- Al-Nazlah
- Interactive map of Nazla نزلة
- Nazla نزلة Location in Gaza Strip
- Coordinates: 31°31′58″N 34°28′56″E﻿ / ﻿31.53278°N 34.48222°E
- Country: Palestine
- Governorate: North Gaza Governorate
- City: Jabalia
- Time zone: UTC+2 (EET)
- • Summer (DST): +3

= Nazla =

Nazla (نزلة; also spelled al-Nazlah, Nazle, Annazla or en-Nuzleh) is a Palestinian town in the Gaza Strip, in the North Gaza Governorate of the State of Palestine. It was formerly a municipality but was merged with the nearby city of Jabalia. Nazla is located a few kilometers north of Gaza City.

==History==
Nazla has been identified as the site of the Byzantine-era town of Asalea (Ασαλέα in Greek). Asalea belonged to the city of Gaza during that period. A celebrated Christian figure in Byzantine Gaza was Alaphion of Asalea who was known to be pious and was one of the early missionaries who helped spread Christianity in the area.
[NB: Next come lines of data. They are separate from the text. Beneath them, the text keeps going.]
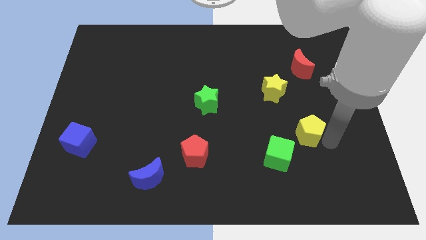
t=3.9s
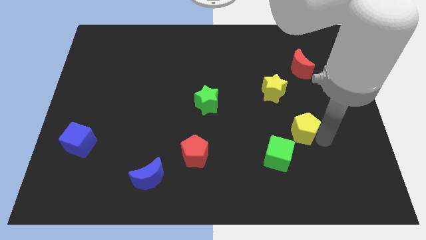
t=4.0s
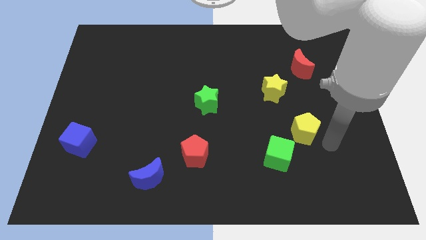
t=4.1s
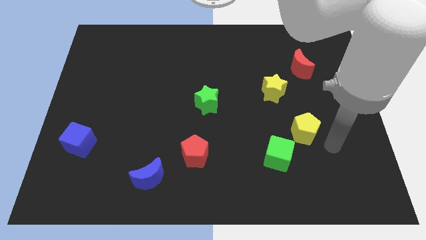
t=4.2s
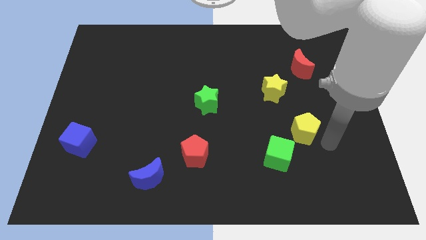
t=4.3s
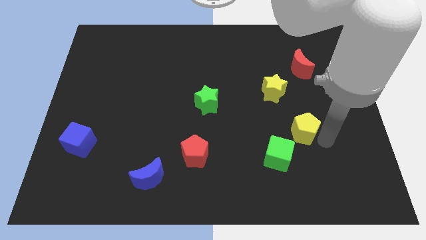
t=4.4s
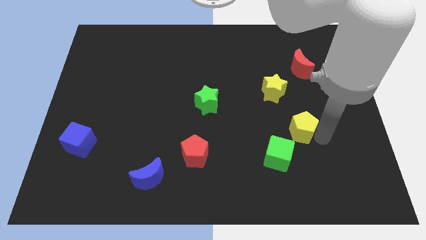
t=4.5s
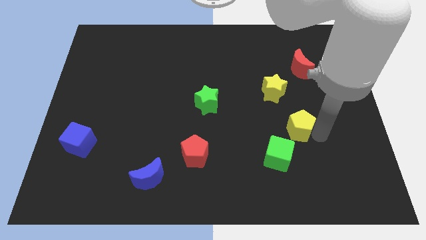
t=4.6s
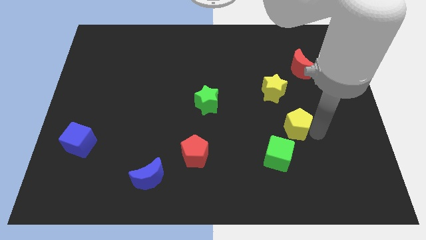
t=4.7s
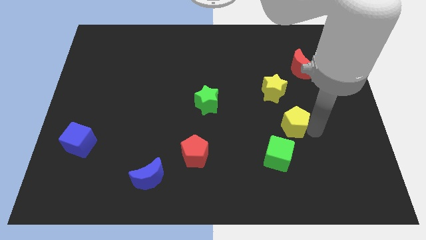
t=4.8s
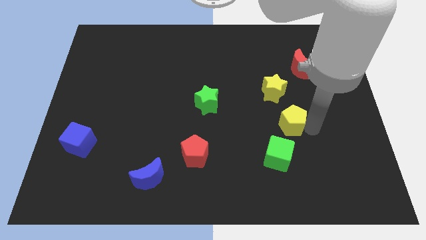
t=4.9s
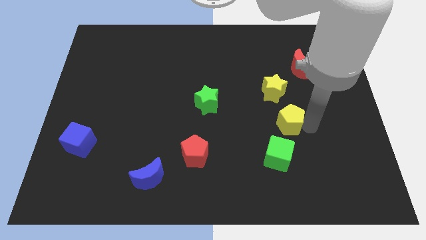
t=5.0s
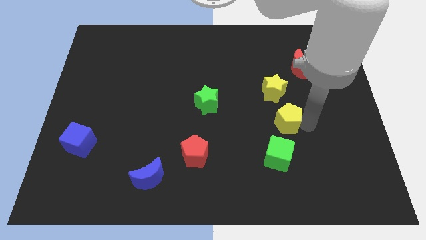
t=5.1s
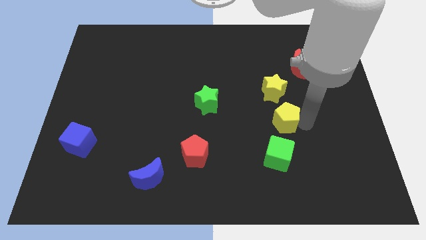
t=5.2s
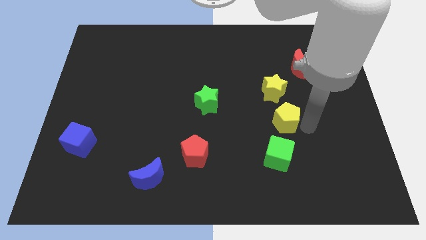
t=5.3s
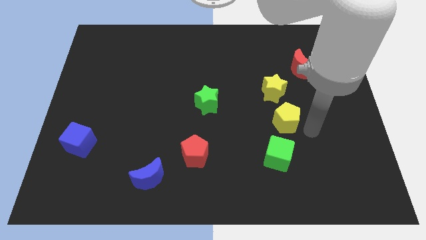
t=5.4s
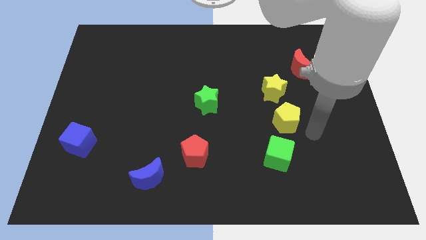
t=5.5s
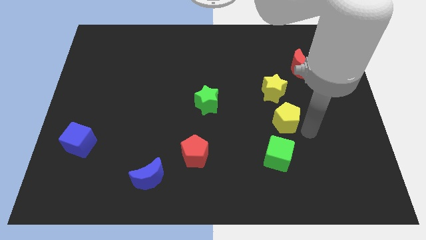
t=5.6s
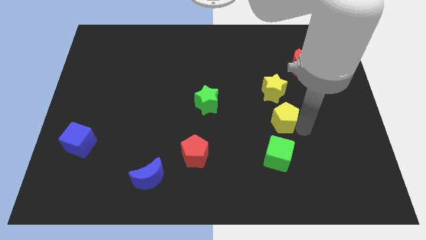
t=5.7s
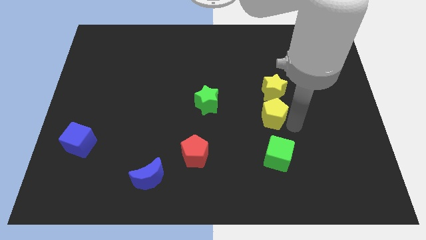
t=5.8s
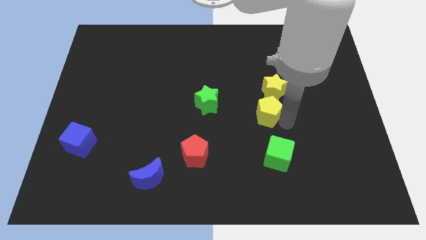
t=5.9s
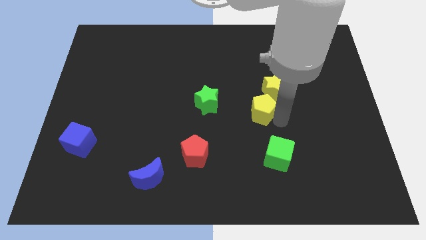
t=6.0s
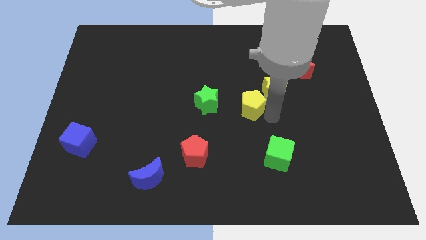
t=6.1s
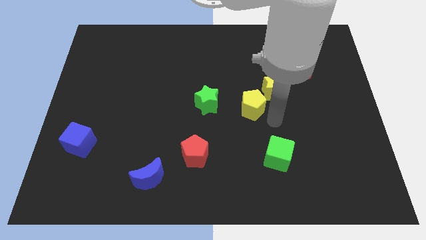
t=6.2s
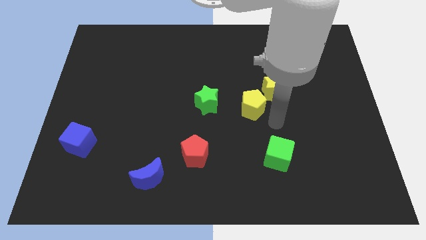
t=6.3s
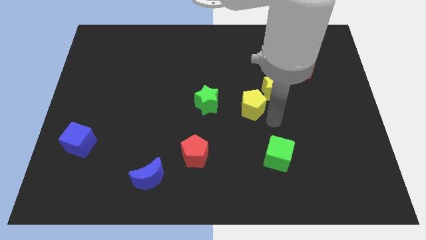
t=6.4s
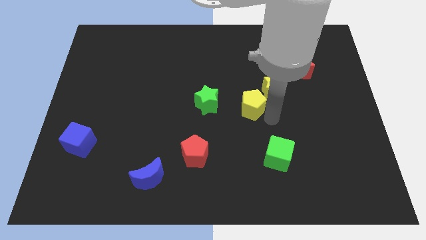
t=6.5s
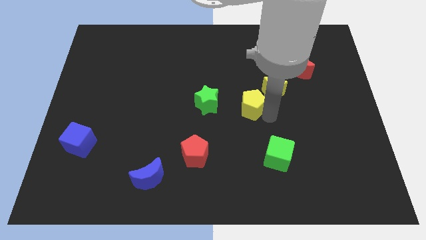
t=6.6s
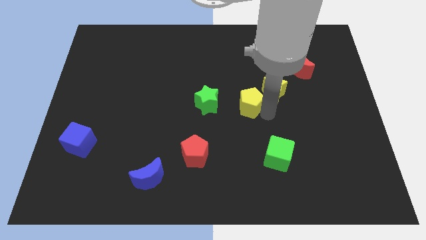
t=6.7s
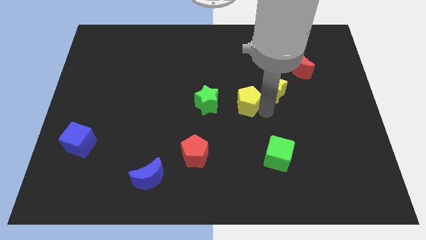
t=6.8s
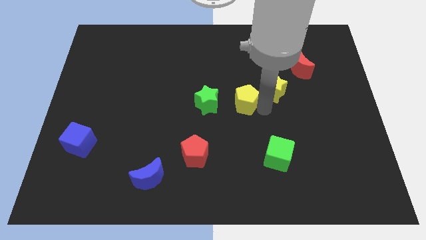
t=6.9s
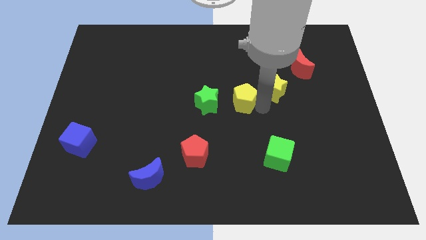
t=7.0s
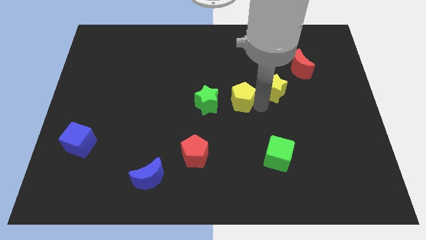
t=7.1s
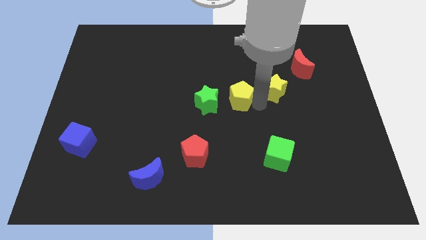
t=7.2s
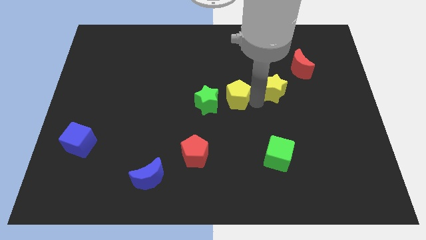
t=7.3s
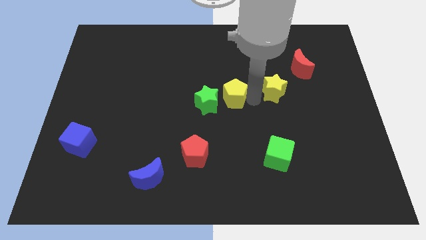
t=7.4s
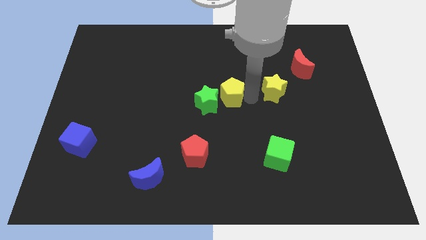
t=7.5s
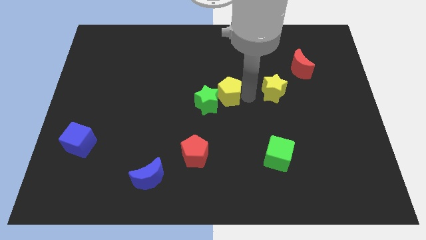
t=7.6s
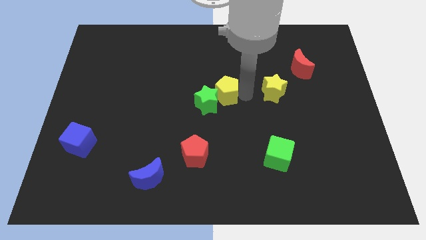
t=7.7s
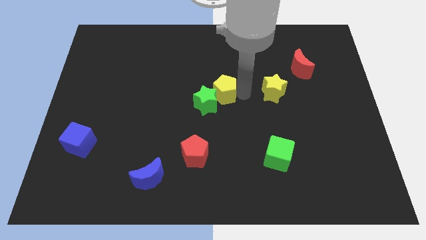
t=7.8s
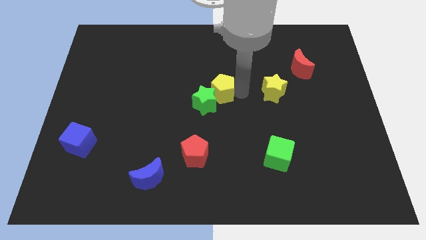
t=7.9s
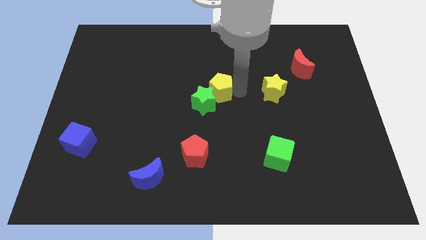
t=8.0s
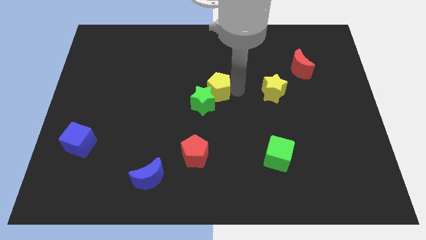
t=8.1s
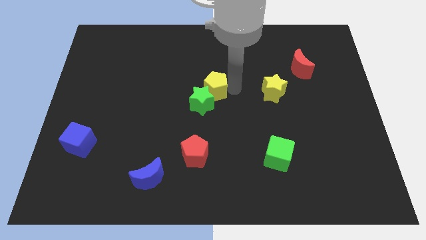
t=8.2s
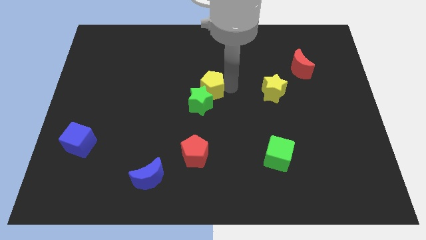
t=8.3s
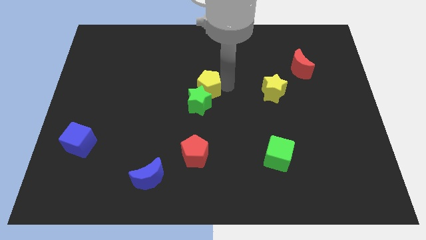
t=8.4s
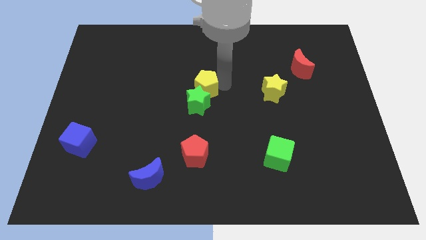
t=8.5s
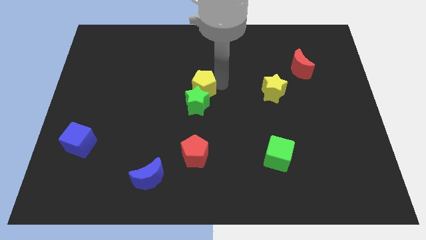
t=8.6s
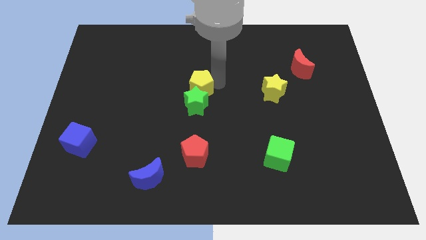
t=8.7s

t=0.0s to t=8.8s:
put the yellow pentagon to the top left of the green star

In the 6th century Madaba Map, Asalea is marked by three towers, a gate and a segment of a wall.

===Ottoman era===
In 1863, the French explorer Victor Guérin found the village to have about 150 inhabitants.

An Ottoman village list of about 1870 showed that Nazle had 114 houses and a population of 414, though the population count included only men.

In 1883, the PEF's Survey of Western Palestine (SWP) described Nazla as a "small hamlet" and a suburb of Jabalia. To the east of Nazla was a well.

===British mandate era===
In the 1922 census of Palestine conducted by the British Mandate authorities, Nazla had a population of 694, all Muslim, increasing in the 1931 census to 944, still all Muslims, in 226 houses.

In the 1945 statistics Nazla had a population of 1,330, all Muslims, with 4,510 dunams of land, according to an official land and population survey. Of this, 36 dunams were for citrus and bananas, 547 for plantations and irrigable land, 1,141 used for cereals, while 24 dunams were built-up land.

===1948, and after===
During Egyptian rule following the 1948 Arab–Israeli War, Nazla was one of six localities to establish a village council to administer its affairs. Israel occupied the Gaza Strip during the 1967 Six-Day War. In the 1970s and 1980s, Israel developed building projects in Nazla, offering Palestinian refugee families subsidized rates to resettle there.